[Collection entries]
=-=-=-=-=
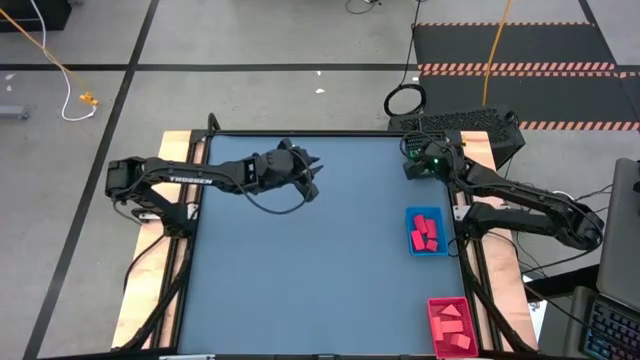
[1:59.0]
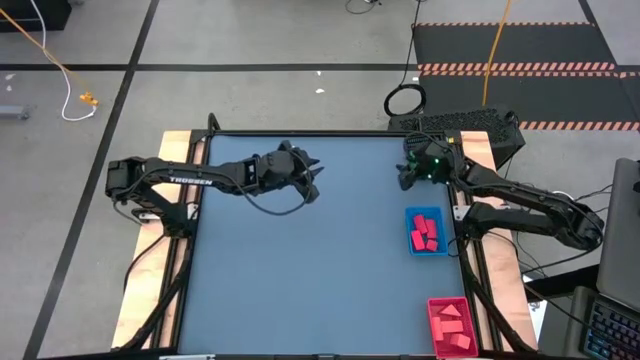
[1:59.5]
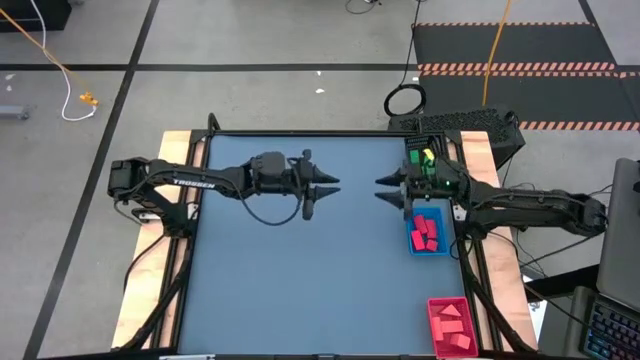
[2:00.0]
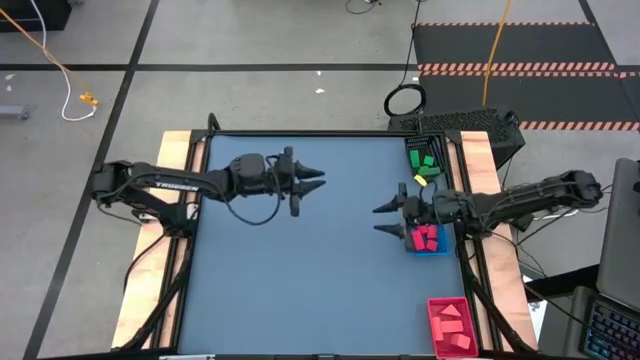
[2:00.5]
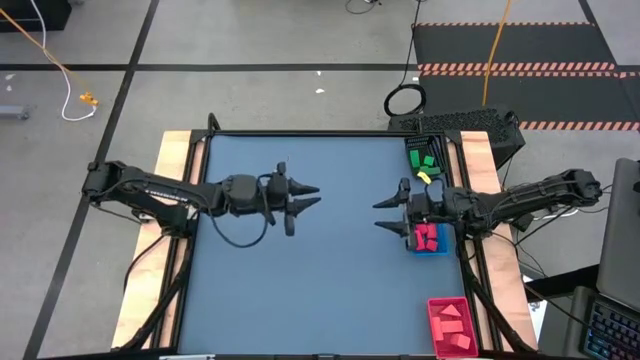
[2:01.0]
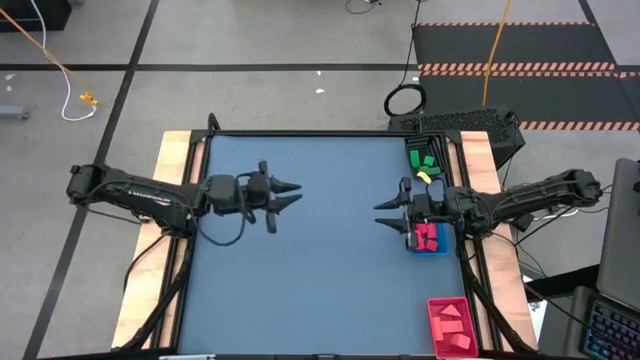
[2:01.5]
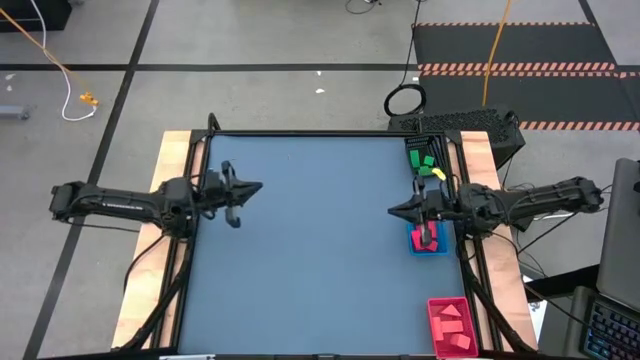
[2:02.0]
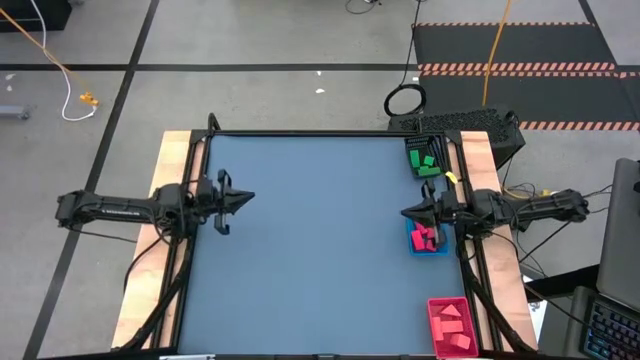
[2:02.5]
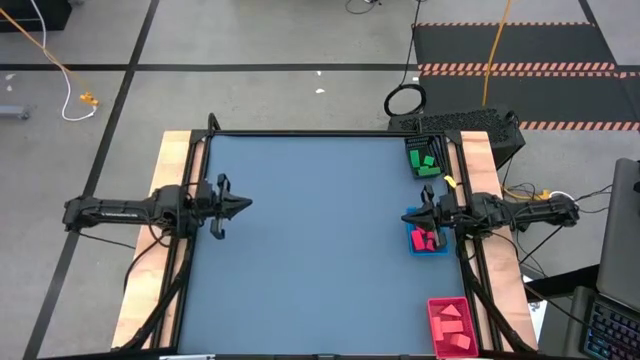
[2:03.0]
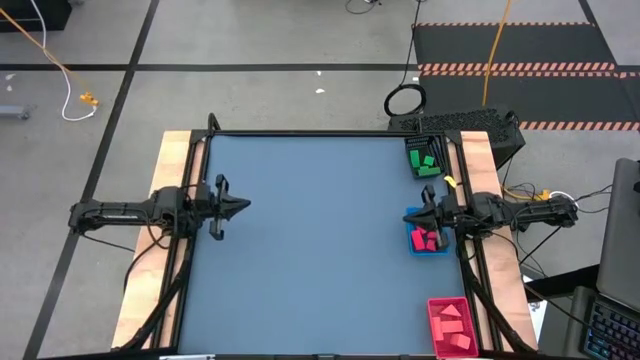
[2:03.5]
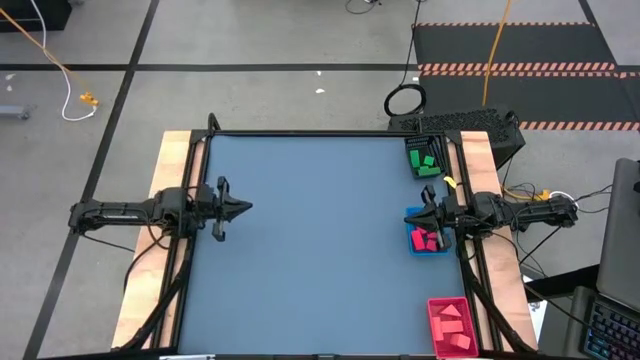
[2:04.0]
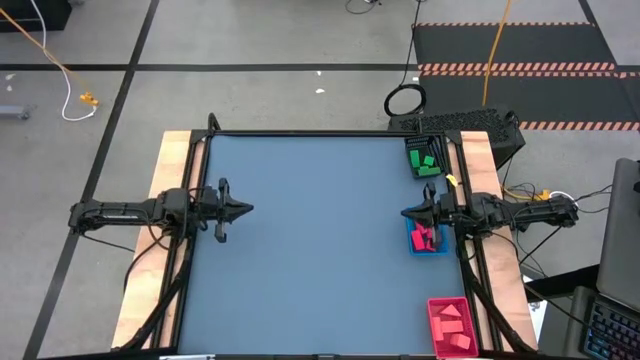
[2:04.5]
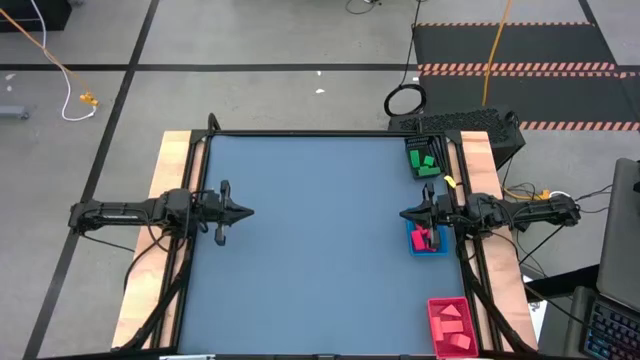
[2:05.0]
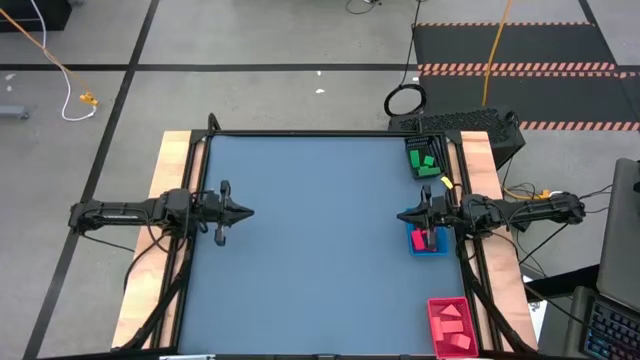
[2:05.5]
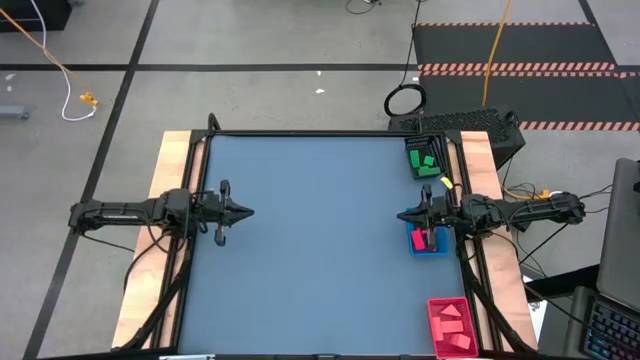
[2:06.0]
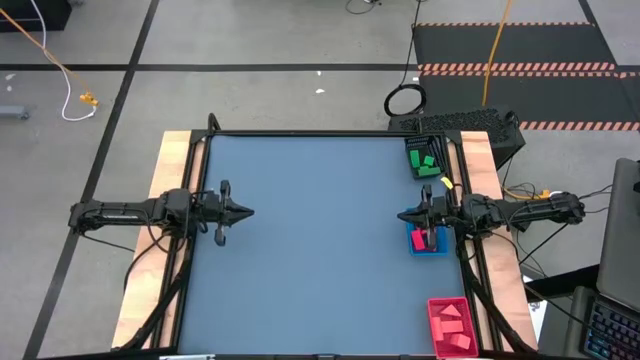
=-=-=-=-=
**TASK GOAL**
Copy out the lines above unchanged. Skip the images.

**ANSWER TO THE PROBLEM**
[1:59.0]
[1:59.5]
[2:00.0]
[2:00.5]
[2:01.0]
[2:01.5]
[2:02.0]
[2:02.5]
[2:03.0]
[2:03.5]
[2:04.0]
[2:04.5]
[2:05.0]
[2:05.5]
[2:06.0]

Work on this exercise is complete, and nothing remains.